When I looked at the book's front matter I saw that this is the 24th book in the Inspector Wexford series.  It seems to me that that's what's unique about this genre. When a mystery writer is so good at character development, and brings so many complex elements into her books, maybe even more so in the most well-written standalone novels, you realize that you have spent years getting to know the people she writes about, and in a way the things they go through seem very understandable, and realistic, and real. I think that's where the Downton Abbey effect comes from.

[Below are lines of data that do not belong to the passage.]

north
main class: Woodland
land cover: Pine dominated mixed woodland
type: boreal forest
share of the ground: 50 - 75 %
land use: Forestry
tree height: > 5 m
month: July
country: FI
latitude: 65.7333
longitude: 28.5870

      Now it seemed to him as if he was to be rewarded. A BMW, not the Jaguar that had brought Mrs. Steyner and her son to Sarah Hussain's memorial service and was driven by Timon Arkwright, had been parked outside Carroll House. Its driver, a small, thin man, could just be seen sitting in the driver's seat eating a large sandwich. Wexford had read somewhere that women over fifty pass unnoticed in the street. Could that also be true of men over sixty-five? If the women hated being thus ignored, he would welcome it. Of course it is generally true that police detectives don't want to be seen. He wished he had some reason to go into one of the houses opposite, where he could watch out of a front window, but he had none. Not for the first time but perhaps more positively and tellingly than before, he was realizing how insignificant he had become in the great scheme of law and order, of law-making and law-implementing, of having nothing to do in a society where doing things was all-important.
      But still he waited, standing this time a little down the street outside a huge house, which, from the series of bells by the main entrance, seemed to be divided into flats. In case anyone was watching him -- in the unlikely event -- he put on a small show of impatience, looking at his watch several times and then, as if unable to wait any longer, he took out his mobile phone and made a call.
      Dora spoke rather irritably when he told her what he was doing. 'For heaven's sake, Reg, give it a rest. You're retired.  You don't have to do it anymore' Inspiration came to her aid. 'Gibbon misses you.'
       That made him laugh. 'Tell him I'll soon be back."


lyn said...

I enjoyed this one too although I did wonder how realistic it was that Mike would let Reg tag along on interviews etc. Still, I was able to suspend my disbelief! I somehow missed The vault but have it on my Kindle to read one day soon.

JoAnn said...

This sounds so good to me, but #24 in a series? How can one ever catch up? ;-)

PS. 41 days 12 hours 45 minutes until Downton season 4! Have you seen the countdown on PBS's website ?

Nan said...

I just began reading this series a few months ago and I plan to continue. This is a wonderful review, and I do love getting to know the people in a series over the years, and through their 'adventures.' The best writers keep the characters alive and interesting. And she is definitely one of the best writers, I feel. Thanks so much for this.